Let's now see what happens on file append operation:

# Create new directory and copy file with "Test 1" content
hdfs dfs -mkdir /appendable_dir
hadoop fs -copyFromLocal ~/tested_file.txt /my_other_dir/appendable.txt

# Allow snapshots for created directory
hdfs dfsadmin -allowSnapshot /appendable_dir 
Allowing snaphot on /appendable_dir succeeded

# Create snapshot 
current/bin/hdfs dfs -createSnapshot /appendable_dir testSnap
Created snapshot /appendable_dir/.snapshot/testSnap

# Check content 
hdfs dfs -cat /appendable_dir/.snapshot/testSnap/appendable.txt
Test 1

# Append content to file in directory
hadoop fs -appendToFile ~/doc/code/bigdata/hadoop/tested_file.txt /appendable_dir/appendable.txt
# And check the new content
hdfs dfs -cat /appendable_dir/appendable.txt
Test 1
Test 1

# Compare the length of both files
hadoop fs -du /appendable_dir/appendable.txt
14  /appendable_dir/appendable.txt
hadoop fs -du /appendable_dir/.snapshot/testSnap/appendable.txt
7  /appendable_dir/.snapshot/testSnap/appendable.txt

This post presents snapshot feature in HDFS. The first part describes the basics: conditions to make them work and default behavior.

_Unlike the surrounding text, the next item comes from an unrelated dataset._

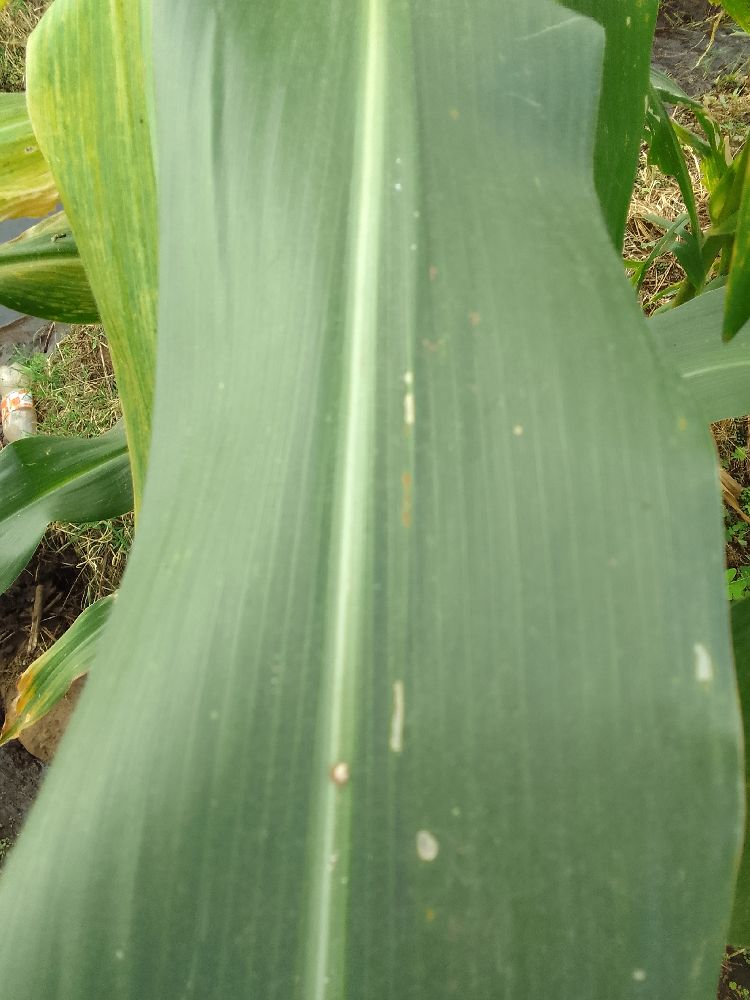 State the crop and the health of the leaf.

maize, healthy
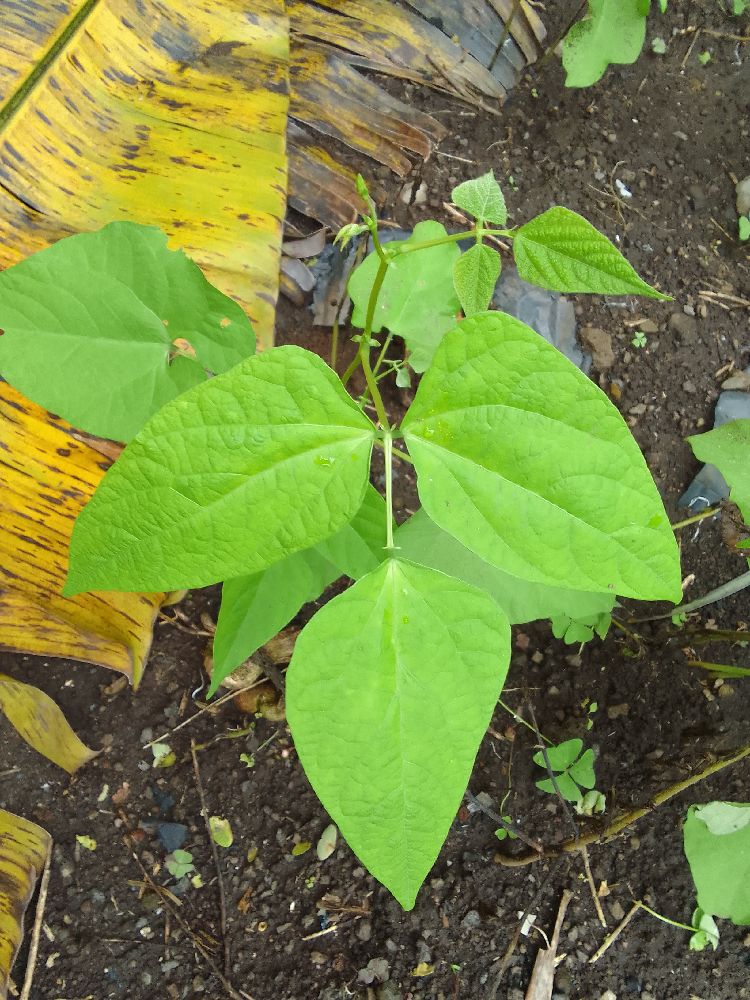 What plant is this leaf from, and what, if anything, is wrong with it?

The second part focuses on 2 specific cases of snapshotted files: delete and append/truncate. We can learn from there that snapshots work as symbolic links preventing sometimes blocks to be deleted. We can also discover that the support for append/truncate operations is based on file length. The last part shows how to create snapshots for situations described in previous section.